Search each line below for "translate", then return the lines where it appears.

[Collected data entries]

------------------------------

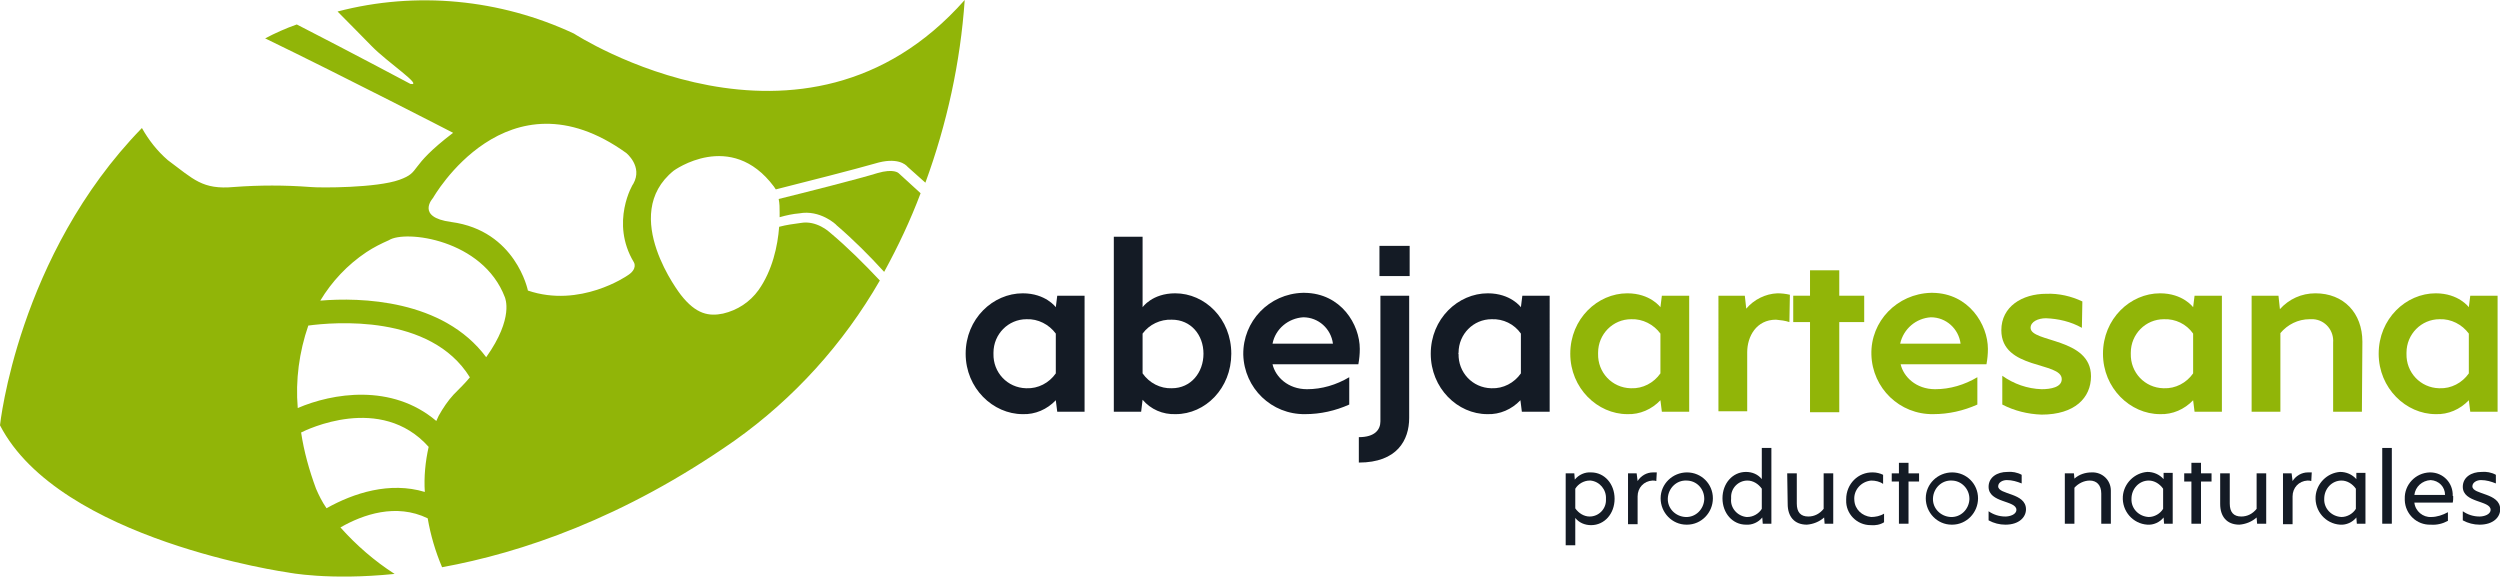 <?xml version="1.0" encoding="utf-8"?>
<!-- Generator: Adobe Illustrator 28.3.0, SVG Export Plug-In . SVG Version: 6.00 Build 0)  -->
<svg version="1.1" id="Grupo_29" xmlns="http://www.w3.org/2000/svg" xmlns:xlink="http://www.w3.org/1999/xlink" x="0px" y="0px"
	 viewBox="0 0 521.4 120.3" style="enable-background:new 0 0 521.4 120.3;" xml:space="preserve">
<style type="text/css">
	.st0{fill:#141B25;}
	.st1{fill:#91B508;}
</style>
<g id="Grupo_27" transform="translate(201.398 49.373)">
	<g id="Grupo_25">
		<path id="Trazado_17" class="st0" d="M24.8,36.5h-5.7l-0.3-2.4c-1.8,1.9-4.3,3-6.9,2.9C5.7,37,0,31.6,0,24.4
			c0-7.3,5.7-12.6,11.9-12.6c4.8,0,6.9,2.9,6.9,2.9l0.3-2.4h5.7V36.5z M5.8,24.4c-0.1,3.9,2.9,7.1,6.8,7.2c0,0,0.1,0,0.1,0
			c2.4,0.1,4.7-1.1,6.1-3.1v-8.3c-1.4-1.9-3.7-3.1-6.1-3c-3.8,0-6.9,3.1-6.9,7C5.8,24.3,5.8,24.3,5.8,24.4z"/>
		<path id="Trazado_18" class="st0" d="M30.9,0h6v14.7c0,0,2-2.9,6.8-2.9c6.2,0,11.7,5.3,11.7,12.6C55.4,31.6,50,37,43.8,37
			c-2.7,0.1-5.2-1-6.9-3l-0.3,2.5h-5.7L30.9,0z M36.9,20.2v8.3c1.4,2,3.7,3.2,6.1,3.1c4,0,6.6-3.3,6.6-7.2c0-3.9-2.6-7.1-6.6-7.1
			C40.6,17.2,38.3,18.3,36.9,20.2L36.9,20.2z"/>
		<path id="Trazado_19" class="st0" d="M82.2,23.4c0,1.1-0.1,2.1-0.3,3.2H64c0.6,2.6,3.2,5.2,7.2,5.2c3.1,0,6.1-0.9,8.8-2.5V35
			c-2.9,1.3-6,2-9.2,2c-7,0.1-12.7-5.4-12.9-12.4c-0.1-7,5.4-12.7,12.4-12.9c0.1,0,0.3,0,0.4,0C78.3,11.8,82.2,18.3,82.2,23.4z
			 M64,22.3h12.6c-0.4-3.1-3-5.5-6.2-5.5C67.3,17,64.6,19.2,64,22.3z"/>
		<path id="Trazado_20" class="st0" d="M92.5,37.8c0,4.6-2.5,9.3-10.5,9.3v-5.3c3.4,0,4.5-1.6,4.5-3.3V12.3h6L92.5,37.8z M86.3,1.9
			h6.3v6.3h-6.3L86.3,1.9z"/>
		<path id="Trazado_21" class="st0" d="M121.8,36.5H116l-0.3-2.4c-1.8,1.9-4.3,3-6.9,2.9C102.6,37,97,31.6,97,24.4
			c0-7.3,5.7-12.6,11.9-12.6c4.8,0,6.9,2.9,6.9,2.9l0.3-2.4h5.7V36.5z M102.8,24.4c-0.1,3.9,2.9,7.1,6.8,7.2c0,0,0.1,0,0.1,0
			c2.4,0.1,4.7-1.1,6.1-3.1v-8.3c-1.4-2-3.7-3.1-6.1-3c-3.8,0-6.9,3.1-6.9,7C102.7,24.3,102.7,24.3,102.8,24.4L102.8,24.4z"/>
		<path id="Trazado_22" class="st1" d="M150.9,36.5h-5.7l-0.3-2.4c-1.8,1.9-4.3,3-6.9,2.9c-6.2,0-11.9-5.4-11.9-12.6
			c0-7.3,5.7-12.6,11.9-12.6c4.8,0,6.9,2.9,6.9,2.9l0.3-2.4h5.7V36.5z M131.9,24.4c-0.1,3.9,2.9,7.1,6.8,7.2c0,0,0.1,0,0.1,0
			c2.4,0.1,4.7-1.1,6.1-3.1v-8.3c-1.4-1.9-3.7-3.1-6.1-3c-3.8,0-6.9,3.1-6.9,7C131.9,24.3,131.9,24.3,131.9,24.4L131.9,24.4z"/>
		<path id="Trazado_23" class="st1" d="M171.8,17.8c-0.9-0.3-1.8-0.4-2.8-0.5c-4.1,0-6,3.5-6,6.8v12.3h-6V12.3h5.5l0.3,2.7
			c1.6-1.9,4-3.1,6.5-3.2c0.9,0,1.7,0.1,2.6,0.3L171.8,17.8z"/>
		<path id="Trazado_24" class="st1" d="M176.1,17.8h-3.5v-5.5h3.5V7h6.1v5.3h5.2v5.5h-5.2v18.8h-6.1V17.8z"/>
		<path id="Trazado_25" class="st1" d="M213.2,23.4c0,1.1-0.1,2.1-0.3,3.2h-17.9c0.6,2.6,3.2,5.2,7.2,5.2c3.1,0,6.1-0.9,8.8-2.5V35
			c-2.9,1.3-6,2-9.2,2c-7,0.1-12.7-5.4-12.9-12.4s5.4-12.7,12.4-12.9c0.1,0,0.3,0,0.4,0C209.2,11.8,213.2,18.3,213.2,23.4z
			 M194.9,22.3h12.6c-0.4-3.1-3-5.5-6.2-5.5C198.2,17,195.6,19.2,194.9,22.3z"/>
		<path id="Trazado_26" class="st1" d="M232.8,19c-2.3-1.3-4.9-1.9-7.5-2c-1.6,0-3.2,0.7-3.2,2c0,3.1,12.6,2,12.6,10.1
			c0,4.5-3.4,8-10.3,8c-2.9-0.1-5.7-0.8-8.2-2.1v-6c2.4,1.7,5.2,2.7,8.2,2.8c1.9,0,4.2-0.4,4.2-2.1c0-3.7-12.6-1.9-12.6-10.2
			c0-4.9,4.3-7.6,9.4-7.6c2.6-0.1,5.2,0.5,7.5,1.6L232.8,19z"/>
		<path id="Trazado_27" class="st1" d="M262,36.5h-5.7l-0.3-2.4c-1.8,1.9-4.3,3-6.9,2.9c-6.2,0-11.9-5.4-11.9-12.6
			c0-7.3,5.7-12.6,11.9-12.6c4.8,0,6.9,2.9,6.9,2.9l0.3-2.4h5.7V36.5z M243,24.4c-0.1,3.9,2.9,7.1,6.8,7.2c0,0,0.1,0,0.1,0
			c2.4,0.1,4.7-1.1,6.1-3.1v-8.3c-1.4-2-3.7-3.1-6.1-3c-3.8,0-6.9,3.1-6.9,7C243,24.3,243,24.3,243,24.4L243,24.4z"/>
		<path id="Trazado_28" class="st1" d="M291.2,36.5h-6V22.1c0.2-2.5-1.6-4.7-4.1-4.9c-0.3,0-0.5,0-0.8,0c-2.4,0-4.6,1.1-6.1,2.9
			v16.4h-6V12.3h5.6l0.3,2.8c1.9-2.1,4.5-3.3,7.4-3.3c5.9,0,9.8,4.1,9.8,10.1L291.2,36.5z"/>
		<path id="Trazado_29" class="st1" d="M319.5,36.5h-5.7l-0.3-2.4c-1.8,1.9-4.3,3-6.9,2.9c-6.2,0-11.9-5.4-11.9-12.6
			c0-7.3,5.7-12.6,11.9-12.6c4.8,0,6.9,2.9,6.9,2.9l0.3-2.4h5.7V36.5z M300.5,24.4c-0.1,3.9,2.9,7.1,6.8,7.2c0,0,0.1,0,0.1,0
			c2.4,0.1,4.7-1.1,6.1-3.1v-8.3c-1.4-1.9-3.7-3.1-6.1-3c-3.8,0-6.9,3.1-6.9,7C300.5,24.3,300.5,24.3,300.5,24.4L300.5,24.4z"/>
	</g>
	<g id="Grupo_26" transform="translate(125.142 44.052)">
		<path id="Trazado_30" class="st0" d="M0,5.3h1.8l0.1,1.3c0.8-1,2.1-1.6,3.4-1.5c2.8,0,4.9,2.4,4.9,5.5c0,3.1-2.1,5.5-4.9,5.5
			c-1.3,0-2.5-0.5-3.3-1.5v5.7H0L0,5.3z M8.4,10.6c0.1-1.9-1.3-3.6-3.2-3.8c-0.1,0-0.1,0-0.2,0c-1.2,0-2.4,0.7-3,1.7v4.1
			c0.7,1,1.8,1.7,3,1.7c1.9,0,3.5-1.6,3.4-3.6C8.4,10.7,8.4,10.6,8.4,10.6z"/>
		<path id="Trazado_31" class="st0" d="M18.9,6.9c-0.3-0.1-0.5-0.1-0.8-0.1c-1.8,0.1-3.1,1.5-3.1,3.3v5.8h-2V5.3h1.8l0.2,1.6
			c0.7-1.1,1.9-1.8,3.2-1.8c0.3,0,0.5,0,0.8,0L18.9,6.9z"/>
		<path id="Trazado_32" class="st0" d="M25.2,16c-3,0-5.4-2.5-5.4-5.5c0-3,2.5-5.4,5.5-5.4c3,0,5.4,2.4,5.4,5.4c0,3-2.4,5.5-5.4,5.5
			C25.3,16,25.2,16,25.2,16z M25.2,6.8c-2.1-0.1-3.8,1.6-3.9,3.7c-0.1,2.1,1.6,3.8,3.7,3.9c2.1,0.1,3.8-1.6,3.9-3.7c0,0,0-0.1,0-0.1
			C28.9,8.5,27.3,6.8,25.2,6.8L25.2,6.8z"/>
		<path id="Trazado_33" class="st0" d="M42.9,15.8h-1.8L41,14.5c-0.8,1-2.1,1.6-3.4,1.5c-2.8,0-4.9-2.4-4.9-5.5
			c0-3.1,2.1-5.5,4.9-5.5c1.3,0,2.5,0.5,3.3,1.5V0h2L42.9,15.8z M34.5,10.6c-0.2,1.9,1.3,3.6,3.2,3.8c0.1,0,0.1,0,0.2,0
			c1.2,0,2.4-0.7,3-1.7V8.5c-0.7-1-1.8-1.7-3-1.7c-1.9,0-3.5,1.6-3.4,3.6C34.5,10.4,34.5,10.5,34.5,10.6L34.5,10.6z"/>
		<path id="Trazado_34" class="st0" d="M46.2,5.3h2v6.3c0,1.8,0.8,2.7,2.4,2.7c1.3,0,2.4-0.6,3.2-1.6V5.3h2v10.5h-1.8l-0.1-1.3
			c-1,0.9-2.3,1.4-3.6,1.5c-2.7,0-4-1.8-4-4.3L46.2,5.3z"/>
		<path id="Trazado_35" class="st0" d="M66.2,7.5c-0.7-0.5-1.6-0.7-2.5-0.7c-2.1,0.2-3.7,2-3.5,4.1c0.1,1.9,1.6,3.3,3.5,3.5
			c0.9,0,1.9-0.2,2.7-0.7v1.8c-0.8,0.5-1.8,0.7-2.8,0.6c-2.9,0-5.2-2.4-5.1-5.2c0-0.1,0-0.1,0-0.2C58.5,7.5,61,5,64.1,5.1
			c0.7,0,1.5,0.2,2.1,0.5L66.2,7.5z"/>
		<path id="Trazado_36" class="st0" d="M69.5,7H68V5.3h1.5V3.1h2v2.2h2.2V7h-2.2v8.8h-2V7z"/>
		<path id="Trazado_37" class="st0" d="M80.5,16c-3,0-5.4-2.5-5.4-5.5c0-3,2.5-5.4,5.5-5.4c3,0,5.4,2.4,5.4,5.4c0,3-2.4,5.5-5.4,5.5
			C80.5,16,80.5,16,80.5,16z M80.5,6.8c-2.1-0.1-3.8,1.6-3.9,3.7c-0.1,2.1,1.6,3.8,3.7,3.9s3.8-1.6,3.9-3.7c0,0,0-0.1,0-0.1
			C84.2,8.5,82.5,6.8,80.5,6.8L80.5,6.8z"/>
		<path id="Trazado_38" class="st0" d="M95.1,7.4c-1-0.4-2-0.7-3.1-0.7c-0.9,0-1.8,0.5-1.8,1.3c0,1.8,5.8,1.3,5.8,4.8
			c0,1.6-1.4,3.2-4.3,3.2c-1.2,0-2.4-0.3-3.5-0.9v-1.9c1,0.7,2.2,1.1,3.5,1.1c0.9,0,2.3-0.4,2.3-1.4c0-2-5.8-1.4-5.8-4.8
			c0-2,1.8-3.1,3.9-3.1c1-0.1,2.1,0.1,3,0.6L95.1,7.4z"/>
		<path id="Trazado_39" class="st0" d="M113.7,15.8h-2V9.5c0-1.8-1-2.7-2.4-2.7c-1.2,0-2.4,0.6-3.2,1.5v7.5h-2V5.3h1.9l0.1,1.1
			c1-0.9,2.3-1.3,3.6-1.3c2.2-0.1,4,1.6,4,3.8c0,0.1,0,0.3,0,0.4L113.7,15.8z"/>
		<path id="Trazado_40" class="st0" d="M126.6,15.8h-1.8l-0.1-1.3c-0.8,1-2.1,1.6-3.4,1.5c-3-0.2-5.3-2.8-5.1-5.9
			c0.2-2.7,2.4-4.9,5.1-5.1c1.3,0,2.5,0.5,3.4,1.5l0-1.3h1.9V15.8z M118,10.6c-0.1,2,1.5,3.7,3.6,3.8c0,0,0,0,0,0
			c1.2,0,2.4-0.7,3-1.7V8.5c-0.7-1-1.8-1.7-3-1.7C119.6,6.8,118,8.5,118,10.6C118,10.5,118,10.5,118,10.6L118,10.6z"/>
		<path id="Trazado_41" class="st0" d="M130.5,7H129V5.3h1.5V3.1h2v2.2h2.2V7h-2.2v8.8h-2V7z"/>
		<path id="Trazado_42" class="st0" d="M136.5,5.3h2v6.3c0,1.8,0.8,2.7,2.4,2.7c1.3,0,2.4-0.6,3.2-1.6V5.3h2v10.5h-1.9l-0.1-1.3
			c-1,0.9-2.3,1.4-3.6,1.5c-2.7,0-4-1.8-4-4.3L136.5,5.3z"/>
		<path id="Trazado_43" class="st0" d="M155.5,6.9c-0.3-0.1-0.5-0.1-0.8-0.1c-1.8,0.1-3.1,1.5-3.1,3.3v5.8h-2V5.3h1.8l0.2,1.6
			c0.7-1.1,1.9-1.8,3.2-1.8c0.3,0,0.5,0,0.8,0L155.5,6.9z"/>
		<path id="Trazado_44" class="st0" d="M166.8,15.8h-1.8l-0.1-1.3c-0.8,1-2.1,1.6-3.4,1.5c-3-0.2-5.3-2.8-5.1-5.9
			c0.2-2.7,2.4-4.9,5.1-5.1c1.3,0,2.5,0.5,3.4,1.5l0-1.3h1.9L166.8,15.8z M158.2,10.6c-0.1,2,1.5,3.7,3.6,3.8c0,0,0,0,0,0
			c1.2,0,2.4-0.7,3-1.7V8.5c-0.7-1-1.8-1.7-3-1.7C159.8,6.8,158.2,8.5,158.2,10.6C158.2,10.5,158.2,10.5,158.2,10.6z"/>
		<path id="Trazado_45" class="st0" d="M170.3,0h2v15.8h-2V0z"/>
		<path id="Trazado_46" class="st0" d="M185.1,10.1c0,0.4,0,0.9-0.1,1.3h-8c0.2,1.8,1.8,3.1,3.5,3c1.2,0,2.4-0.4,3.5-1v1.8
			c-1.1,0.6-2.3,0.9-3.6,0.8c-2.9,0.1-5.3-2.2-5.4-5.1c0-0.1,0-0.2,0-0.3c-0.1-2.9,2.2-5.4,5.2-5.5c0,0,0.1,0,0.1,0
			c2.7,0,4.8,2.2,4.7,4.9C185.1,10,185.1,10.1,185.1,10.1z M177,9.8h6.4c0-1.7-1.3-3-3-3.1C178.6,6.8,177.2,8.1,177,9.8L177,9.8z"/>
		<path id="Trazado_47" class="st0" d="M194,7.4c-1-0.4-2-0.7-3.1-0.7c-0.9,0-1.8,0.5-1.8,1.3c0,1.8,5.8,1.3,5.8,4.8
			c0,1.6-1.4,3.2-4.3,3.2c-1.2,0-2.4-0.3-3.5-0.9v-1.9c1,0.7,2.2,1.1,3.5,1.1c0.9,0,2.3-0.4,2.3-1.4c0-2-5.8-1.4-5.8-4.8
			c0-2,1.8-3.1,3.9-3.1c1-0.1,2.1,0.1,3,0.6L194,7.4z"/>
	</g>
</g>
<g id="Grupo_28">
	<path id="Trazado_48" class="st1" d="M173.1,48.5c-0.1-0.1-2.8-2.6-6.1-2c-1.5,0.2-3,0.4-4.5,0.8c-0.3,4-1.4,9.1-4.3,13.2
		c-1.8,2.5-4.4,4.2-7.4,4.9c-2.9,0.6-5.6,0.2-8.8-3.9c0,0-13-16.6-1.5-25.9c0,0,11.9-8.7,20.9,3.3c0.1,0.2,0.3,0.4,0.4,0.6
		c5.2-1.3,17.3-4.4,20.7-5.4c4.6-1.4,6.4,0.2,6.8,0.7l3.7,3.3c4.5-12.3,7.3-25.1,8.2-38.1c-33.7,38.1-81.5,7-81.5,7
		c-15.4-7.2-32.9-8.9-49.3-4.6c3.1,3.1,5.8,5.9,7.1,7.2c3.3,3.4,10.9,8.4,8.1,7.9c0,0-12-6.4-23.7-12.4c-2.3,0.8-4.5,1.8-6.6,2.9
		C72,16.1,94.5,27.7,94.5,27.7c-9.7,7.4-6.5,8.1-11.2,9.8s-16.5,1.7-18.6,1.5c-5.3-0.4-10.6-0.4-15.9,0c-6.6,0.6-8.4-1.6-13.8-5.6
		c-2.2-1.9-4-4.2-5.4-6.7C3.7,53.3,0,88.7,0,88.7c12.4,24,60.1,30.7,60.1,30.7s8.4,1.7,22.2,0.3c-4.2-2.7-8-6-11.3-9.7
		c4.7-2.7,11.6-5.1,18.2-1.9c0.6,3.5,1.6,6.9,3,10.2c16.4-3,37.7-10.1,61-26.4c12.4-8.8,22.7-20.2,30.3-33.4
		C180.2,55,176.8,51.6,173.1,48.5z M88.6,102.6c-7.3-2.2-14.8,0.2-20.5,3.4c-0.9-1.3-1.6-2.7-2.2-4.1c-1.4-3.8-2.5-7.7-3.1-11.7
		c1-0.5,16.6-8.2,26.6,3C88.7,96.3,88.4,99.5,88.6,102.6z M94.6,82.3c-1.2,1.3-2.2,2.8-3.1,4.4c-0.2,0.5-0.4,0.8-0.5,1.1
		c-9.3-7.9-21.7-5.8-28.9-2.7c-0.5-5.8,0.3-11.7,2.2-17.2c5.2-0.7,25.5-2.5,33.7,10.8C97.1,79.8,95.9,81,94.6,82.3L94.6,82.3z
		 M101.4,74.5c-9-12.1-26.3-12.5-34.6-11.8c2.4-4,5.7-7.5,9.6-10.1c1.5-1,3.1-1.8,4.7-2.5c3.4-2.2,19.6-0.2,24.2,11.9
		C105.3,62.1,107.3,66.2,101.4,74.5L101.4,74.5z M132.2,54.7c0,0,0.9,1.4-1.4,2.8c0,0-9.8,6.8-20.7,3.1c0,0-2.5-12.5-16-14.3
		c-7.5-1-3.8-5-3.8-5s15.4-27.3,40.3-9.4c0,0,3.5,2.8,1.5,6.4C132,38.3,127.2,46.4,132.2,54.7L132.2,54.7z"/>
	<path id="Trazado_49" class="st1" d="M166.7,44.5c4.3-0.8,7.7,2.3,7.8,2.5c3.5,3,6.8,6.3,9.9,9.7c2.9-5.3,5.5-10.8,7.6-16.4
		l-4.6-4.2l0,0c0,0-1-1-4.4,0c-3.5,1.1-15.3,4.1-20.6,5.4c0.2,0.9,0.2,1.9,0.2,2.8c0,0.3,0,0.6,0,1C164,44.9,165.4,44.6,166.7,44.5z
		"/>
</g>
</svg>

------------------------------

__WRITTEN ANSWER__:
<g id="Grupo_27" transform="translate(201.398 49.373)">
	<g id="Grupo_26" transform="translate(125.142 44.052)">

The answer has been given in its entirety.